Jájá proves in his book for a similar algorithm, in which the independent set is determined deterministically, a running time of , for the choice of , with an efficiency of . ${\ displaystyle O (\ log n \ log \ log n)}$ ${\ displaystyle m = p = n / \ log n}$ ${\ displaystyle {\ frac {1} {\ log \ log n}}}$

Outside the PRAM model

The algorithms described benefit on the one hand from the synchronized execution in the PRAM model, which is not the case with real machines, and on the other hand from the global memory of the PRAM model. However, it is very difficult to get good results on real machines with a connection network because the list ranking problem is an extremely non-local task. This means that it is not clear in advance which data a processor has to request from the network in order to then do local work, since only by processing a list element does it become clear which element the processor will need next, which leads to a lot of slow accesses on the memory.

Individual evidence

↑ Jop F. Sibeyn: Better trade-offs for parallel list ranking. In: Proceedings of the ninth annual ACM symposium on Parallel algorithms and architectures. 1997, pp. 221-222.
↑ Peter Sanders, Michael Ikkert, Tim Kieritz, Parallel Algorithms. Lecture notes on parallel algorithms at the Karlsruhe Institute of Technology. Accessed March 31, 2019. p. 106.
↑ Jop F. Sibeyn, Frank Guillaume, Tillmann Seidel: Practical Parallel List Ranking. In: Journal of Parallel and Distributed Computing. Volume 56, Issue 2, 1999, p. 162.
↑ Peter Sanders, Michael Ikkert, Tim Kieritz, Parallel Algorithms. Lecture notes on parallel algorithms at the Karlsruhe Institute of Technology. Accessed March 31, 2019. pp. 107 + 108.
↑ J. Jaja: An Introduction to Parallel Algorithms. 1992, p. 97.
↑ Jop F. Sibeyn, Frank Guillaume, Tillmann Seidel: Practical Parallel List Ranking. In: Journal of Parallel and Distributed Computing. Volume 56, Issue 2, 1999, p. 157.

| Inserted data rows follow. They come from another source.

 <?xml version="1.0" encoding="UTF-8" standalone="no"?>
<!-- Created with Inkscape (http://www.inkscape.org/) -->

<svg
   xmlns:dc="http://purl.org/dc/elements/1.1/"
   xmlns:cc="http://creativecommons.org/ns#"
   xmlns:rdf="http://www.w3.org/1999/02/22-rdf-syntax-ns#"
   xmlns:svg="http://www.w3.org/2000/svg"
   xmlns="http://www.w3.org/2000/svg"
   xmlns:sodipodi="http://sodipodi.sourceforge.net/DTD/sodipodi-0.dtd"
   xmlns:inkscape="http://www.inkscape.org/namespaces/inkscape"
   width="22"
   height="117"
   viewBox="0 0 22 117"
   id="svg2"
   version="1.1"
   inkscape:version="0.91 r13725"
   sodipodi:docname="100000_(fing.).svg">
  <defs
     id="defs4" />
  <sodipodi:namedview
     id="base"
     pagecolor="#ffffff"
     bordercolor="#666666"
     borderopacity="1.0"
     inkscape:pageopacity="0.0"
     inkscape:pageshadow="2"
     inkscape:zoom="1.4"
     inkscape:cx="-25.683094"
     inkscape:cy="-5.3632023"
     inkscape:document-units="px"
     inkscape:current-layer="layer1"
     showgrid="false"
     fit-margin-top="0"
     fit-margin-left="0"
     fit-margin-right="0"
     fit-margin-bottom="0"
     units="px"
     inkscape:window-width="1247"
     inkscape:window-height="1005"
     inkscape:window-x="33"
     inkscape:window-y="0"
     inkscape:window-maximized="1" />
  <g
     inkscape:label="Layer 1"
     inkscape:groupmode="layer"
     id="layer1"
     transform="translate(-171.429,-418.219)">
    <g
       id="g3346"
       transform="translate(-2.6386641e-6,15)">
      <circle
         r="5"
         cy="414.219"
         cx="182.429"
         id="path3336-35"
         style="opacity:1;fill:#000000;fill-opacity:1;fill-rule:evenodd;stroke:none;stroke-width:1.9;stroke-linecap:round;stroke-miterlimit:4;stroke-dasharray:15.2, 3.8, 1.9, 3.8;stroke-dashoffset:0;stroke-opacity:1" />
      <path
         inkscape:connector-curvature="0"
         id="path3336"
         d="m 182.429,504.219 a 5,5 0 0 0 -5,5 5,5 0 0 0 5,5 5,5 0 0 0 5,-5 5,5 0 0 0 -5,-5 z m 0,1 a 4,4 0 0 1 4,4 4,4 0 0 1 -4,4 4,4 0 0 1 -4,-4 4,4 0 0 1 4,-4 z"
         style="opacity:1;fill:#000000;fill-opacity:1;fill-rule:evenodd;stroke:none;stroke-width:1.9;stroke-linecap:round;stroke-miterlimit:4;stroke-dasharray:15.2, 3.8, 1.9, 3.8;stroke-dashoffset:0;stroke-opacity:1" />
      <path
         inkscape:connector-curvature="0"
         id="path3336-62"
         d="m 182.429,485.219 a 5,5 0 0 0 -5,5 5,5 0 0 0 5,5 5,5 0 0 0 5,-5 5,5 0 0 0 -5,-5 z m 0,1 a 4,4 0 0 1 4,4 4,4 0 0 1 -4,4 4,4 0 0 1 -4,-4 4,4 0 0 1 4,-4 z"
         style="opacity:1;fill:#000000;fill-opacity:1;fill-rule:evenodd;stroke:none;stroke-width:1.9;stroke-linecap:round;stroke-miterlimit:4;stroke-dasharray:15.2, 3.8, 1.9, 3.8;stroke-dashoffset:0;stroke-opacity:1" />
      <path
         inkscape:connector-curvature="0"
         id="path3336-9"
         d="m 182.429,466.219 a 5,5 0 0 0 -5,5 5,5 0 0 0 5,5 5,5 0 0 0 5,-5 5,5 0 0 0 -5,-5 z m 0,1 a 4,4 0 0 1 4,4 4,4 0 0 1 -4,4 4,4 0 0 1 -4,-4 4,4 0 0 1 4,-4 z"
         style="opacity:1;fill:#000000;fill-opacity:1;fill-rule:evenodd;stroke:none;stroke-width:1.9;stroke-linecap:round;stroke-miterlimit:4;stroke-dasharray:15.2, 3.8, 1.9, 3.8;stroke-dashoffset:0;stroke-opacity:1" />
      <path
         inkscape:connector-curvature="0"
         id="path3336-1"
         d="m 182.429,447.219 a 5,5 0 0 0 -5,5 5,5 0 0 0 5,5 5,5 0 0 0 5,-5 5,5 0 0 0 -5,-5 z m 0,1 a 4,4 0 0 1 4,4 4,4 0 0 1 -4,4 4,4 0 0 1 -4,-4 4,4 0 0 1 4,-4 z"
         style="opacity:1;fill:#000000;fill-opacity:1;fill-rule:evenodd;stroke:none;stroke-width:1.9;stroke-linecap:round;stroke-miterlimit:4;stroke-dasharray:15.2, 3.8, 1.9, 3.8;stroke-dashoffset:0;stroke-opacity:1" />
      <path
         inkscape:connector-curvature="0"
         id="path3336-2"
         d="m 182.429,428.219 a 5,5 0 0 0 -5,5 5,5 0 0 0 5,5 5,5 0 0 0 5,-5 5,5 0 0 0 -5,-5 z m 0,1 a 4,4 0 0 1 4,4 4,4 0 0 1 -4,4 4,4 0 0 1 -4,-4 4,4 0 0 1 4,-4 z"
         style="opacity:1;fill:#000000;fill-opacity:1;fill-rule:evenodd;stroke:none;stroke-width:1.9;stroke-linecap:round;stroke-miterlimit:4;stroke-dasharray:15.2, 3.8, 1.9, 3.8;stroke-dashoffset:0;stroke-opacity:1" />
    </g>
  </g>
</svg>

[1] Jop F. Sibeyn: Better trade-offs for parallel list ranking. In: Proceedings of the ninth annual ACM symposium on Parallel algorithms and architectures. 1997, pp. 221-222.

[2] Peter Sanders, Michael Ikkert, Tim Kieritz, Parallel Algorithms. Lecture notes on parallel algorithms at the Karlsruhe Institute of Technology. Accessed March 31, 2019. p. 106.

[3] Jop F. Sibeyn, Frank Guillaume, Tillmann Seidel: Practical Parallel List Ranking. In: Journal of Parallel and Distributed Computing. Volume 56, Issue 2, 1999, p. 162.

[4] Peter Sanders, Michael Ikkert, Tim Kieritz, Parallel Algorithms. Lecture notes on parallel algorithms at the Karlsruhe Institute of Technology. Accessed March 31, 2019. pp. 107 + 108.

[5] J. Jaja: An Introduction to Parallel Algorithms. 1992, p. 97.

[6] Jop F. Sibeyn, Frank Guillaume, Tillmann Seidel: Practical Parallel List Ranking. In: Journal of Parallel and Distributed Computing. Volume 56, Issue 2, 1999, p. 157.